Noah Smith has a piece up on Bloomberg View arguing that a percentage fee on assets under management is a form of price discrimination. In essence, he says that a large investor shouldn’t pay 10X more in fees just because they have 10X more in assets. The alternative is that asset managers should just charge a flat fee. This is an attractive line of reasoning, but I tend to fall under the thinking that the AUM % fee structure is the worst fee structure except for all the rest. Let me explain.
First of all, for actual fund companies the AUM % fee structure is the only scalable business model. The reason being that a fund that charges a flat fee structure would quickly be priced out of the market. If the XYZ Index Fund started to charge a flat fee of $5,000 for investing in its fund then multiple institutions could form partnerships which make them one investor in the fund. Imagine having to manage even a relatively small $100MM portfolio for $5,000. A flat fee structure isn’t just regressive in this sense. It’s totally illogical for any fund that has fixed costs inside of its fund structure. A private fund like a hedge fund could better manage this situation than a publicly traded fund, but they too would ultimately be victims of a regressive pricing system. That is, their large investors would be illogical if they didn’t pool their assets inside of the fund or move their assets to a similar low cost version (which simply creates an unsustainable hot potato effect). The only option to combat this form of regressive pricing is the AUM % fee structure.
Second, if the pricing structure was flipped then people likely would argue that the price is discriminating against poorer investors. In essence, they’d say that the market is rigged to help wealthier investors pay lower relative fees. This would be a very odd view though. It’s clear to any market practitioner that the current fee structuring actually benefits those who are less wealthy. And that’s a good thing because they’re the people who probably need the most help with costs and need market access. Further, investors with more skin in the game generally pay higher fees because it’s worth more to them in absolute terms (more on this below).
Third, as Noah notes, larger portfolios generally get a substantial discount.Most asset managers have a sliding fee scale where larger investors actually pay a smaller relative % fee than smaller investors. So, if you’ve got $100MM to invest you might pay 0.5% relative to the $1MM investor who pays 1.5%. Yes, you’re still paying a higher overall dollar cost, but the $100MM portfolio is more time consuming and expensive to manage. Not to mention, it has a totally different regulatory burden. Plus, larger portfolios generally come with the burden of much higher expectations. Investors with more to lose have much higher expectations of their managers and are generally much more time consuming from a service perspective.

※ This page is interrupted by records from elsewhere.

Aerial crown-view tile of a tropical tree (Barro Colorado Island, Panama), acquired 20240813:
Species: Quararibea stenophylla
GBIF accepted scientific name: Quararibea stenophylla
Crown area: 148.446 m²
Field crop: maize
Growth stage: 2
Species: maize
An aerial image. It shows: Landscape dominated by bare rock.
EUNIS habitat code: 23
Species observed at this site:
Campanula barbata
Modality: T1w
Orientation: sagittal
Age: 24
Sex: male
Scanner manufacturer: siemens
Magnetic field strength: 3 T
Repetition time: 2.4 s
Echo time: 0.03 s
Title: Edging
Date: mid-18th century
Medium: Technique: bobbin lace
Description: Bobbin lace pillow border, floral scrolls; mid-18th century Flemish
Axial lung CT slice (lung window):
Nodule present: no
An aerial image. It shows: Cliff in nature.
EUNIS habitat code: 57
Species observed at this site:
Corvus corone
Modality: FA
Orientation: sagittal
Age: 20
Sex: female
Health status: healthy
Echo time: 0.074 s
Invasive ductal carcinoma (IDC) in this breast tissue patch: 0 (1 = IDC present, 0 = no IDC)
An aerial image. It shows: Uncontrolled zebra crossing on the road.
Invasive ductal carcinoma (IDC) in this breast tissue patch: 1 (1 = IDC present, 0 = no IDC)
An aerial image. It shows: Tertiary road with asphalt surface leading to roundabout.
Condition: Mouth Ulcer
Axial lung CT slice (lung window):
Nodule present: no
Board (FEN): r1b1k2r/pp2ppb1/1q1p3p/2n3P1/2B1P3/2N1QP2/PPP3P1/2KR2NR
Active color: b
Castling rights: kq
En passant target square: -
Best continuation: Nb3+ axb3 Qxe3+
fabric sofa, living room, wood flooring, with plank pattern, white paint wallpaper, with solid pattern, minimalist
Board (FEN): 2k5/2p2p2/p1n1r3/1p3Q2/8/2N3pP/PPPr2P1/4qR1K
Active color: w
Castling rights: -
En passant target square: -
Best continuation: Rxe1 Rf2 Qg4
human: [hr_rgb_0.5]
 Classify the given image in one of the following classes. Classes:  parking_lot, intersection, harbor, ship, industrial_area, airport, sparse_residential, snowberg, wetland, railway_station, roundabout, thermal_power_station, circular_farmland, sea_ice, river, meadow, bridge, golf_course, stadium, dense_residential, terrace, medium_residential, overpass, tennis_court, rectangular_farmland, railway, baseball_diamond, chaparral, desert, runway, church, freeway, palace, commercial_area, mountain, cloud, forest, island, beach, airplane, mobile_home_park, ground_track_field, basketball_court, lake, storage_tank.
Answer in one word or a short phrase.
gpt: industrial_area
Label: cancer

Fourth, when you hire an asset manager you’re really paying for their intellectual property. You’re hoping that you can leverage their expertise in some way that would result in better outcomes than you could otherwise do on your own. Noah is right that most mutual funds are just closet index funds with a negative value in their intellectual property, but that’s just a generalization about SOME asset managers. So, an investor with $100MM has 100X more to lose than the $1MM investor if he/she hires someone whose intellectual property turns out to be of low value. In this regard, the AUM % fee structure aligns the interests of the investor and the asset manager.
This is no different than hiring a realtor. You pay a fixed $ fee because you think that realtor knows the market. The more expensive the market the more valuable the smart advice is in absolute terms. The same thinking goes for lots of service based industries. Bigger fish pay bigger fees because it’s worth more to them to pay the bigger fees. You pay more if you have more because you have more to lose. It might not sound “fair” on a relative basis, but it actually makes a lot of sense when you think about it in absolute terms.
Of course, some “passive” indexing advocates would argue that there is no such thing as valuable intellectual property in asset management, but this is obviously nonsense because even passive indexers are ultimately actively picking their asset allocations for themselves or their clients. Since all forms of portfolio construction must necessarily involve some discretionary intervention then some asset pickers, MUST, by definition, offer greater value than others. This is true even if, in the aggregate, all investors underperform “the market”.
Lastly, the AUM % fee structure is actually a very fair form of a performance based fee that helps align clients interests with manager interests. It’s not an explicit performance based fee like you might pay in an absurd 2& 20 style hedge fund, but an implicit one. That is, if the asset manager is charging flat fees then he/she really doesn’t care about portfolio performance. In fact, their portfolios can lose value every year, but as long as they’re gaining more clients their revenues are growing. This would be a massive conflict of interest. The asset manager only cares about client accumulation. By charging a AUM % fee the investor and the manager’s interests are aligned. If the portfolio grows then the fees also grow. If the portfolio shrinks then the fees shrink.
I really struggled with this idea when I was starting my asset management business. I’ve actually utilized both structures at points over the last 10 years, but I ultimately decided that a very low AUM % fee structure made the most sense because it was less expensive than a flat fee for most investors who have less than $1MM (the vast majority of people), but didn’t sacrifice the need to align my interests with larger investors. I think Noah should have written a piece about how investment fees are still too high rather than structured incorrectly. After all, that’s ultimately the larger problem. The fees in this business are just too high in my view. But it’s not the pricing structure that’s wrong because the pricing structure makes the business model more workable than the alternatives.